The properties above imply this by implying something somewhat stronger: They imply that if we try dividing these integers into sets by taking at each step the largest integer not yet used, and trying to place it into a set such that it will not make its sum exceed N^[K/2]-1, we will succeed: Properties 2 and 3 and 4, together with K > N^2, imply that this process will not halt before we reach the smallest integers, and properties 4 and 5 imply that the smallest integers will always fit into the sets, because they are of size 1. This concludes this long proof.
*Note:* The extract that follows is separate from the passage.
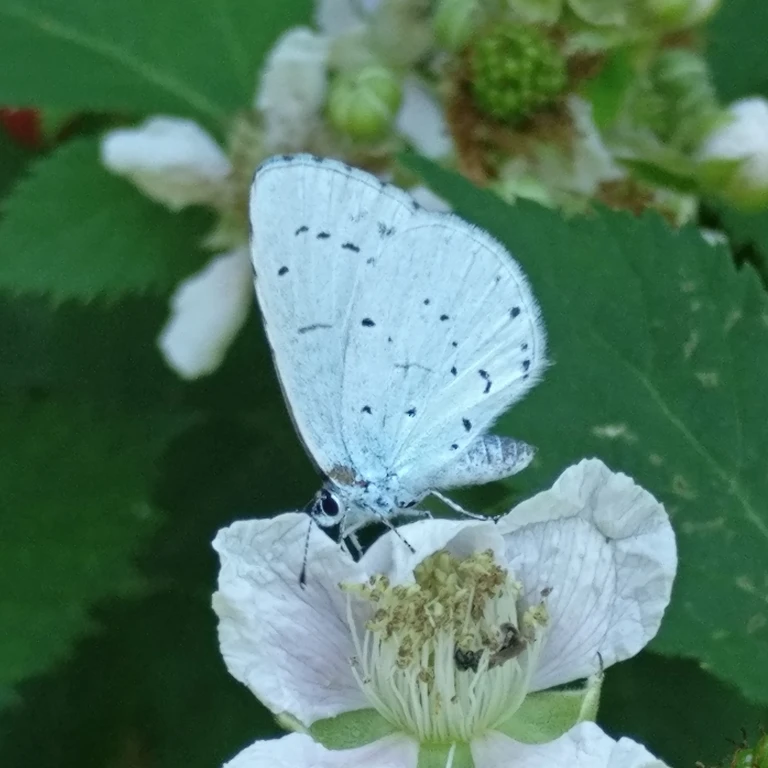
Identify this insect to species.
Celastrina argiolus

Some analysis and comparison: Solutions #1 and #2 are quite similar, and in fact are completely the same in the case that N-1 is prime. The extension to other cases is quite different though: Solution #2 is efficient in coin tossing, always requiring only N-1 tosses, but the calculation of the polynomial f(P), and thus of P, might be long and annoying. On the other hand, solution #1 always uses a simple polynomial that needs to be solved to find P, but also depends on finding a prime in the arithmetic sequence, which might be difficult and gives no simple estimation of the number of coin tosses as a function of N. Solution 3 only requires solving a quadratic in order to obtain the probability p, and only O(N^2) tosses (possibly significantly less), but actually assigning the results seems more complicated than in #1 and #2.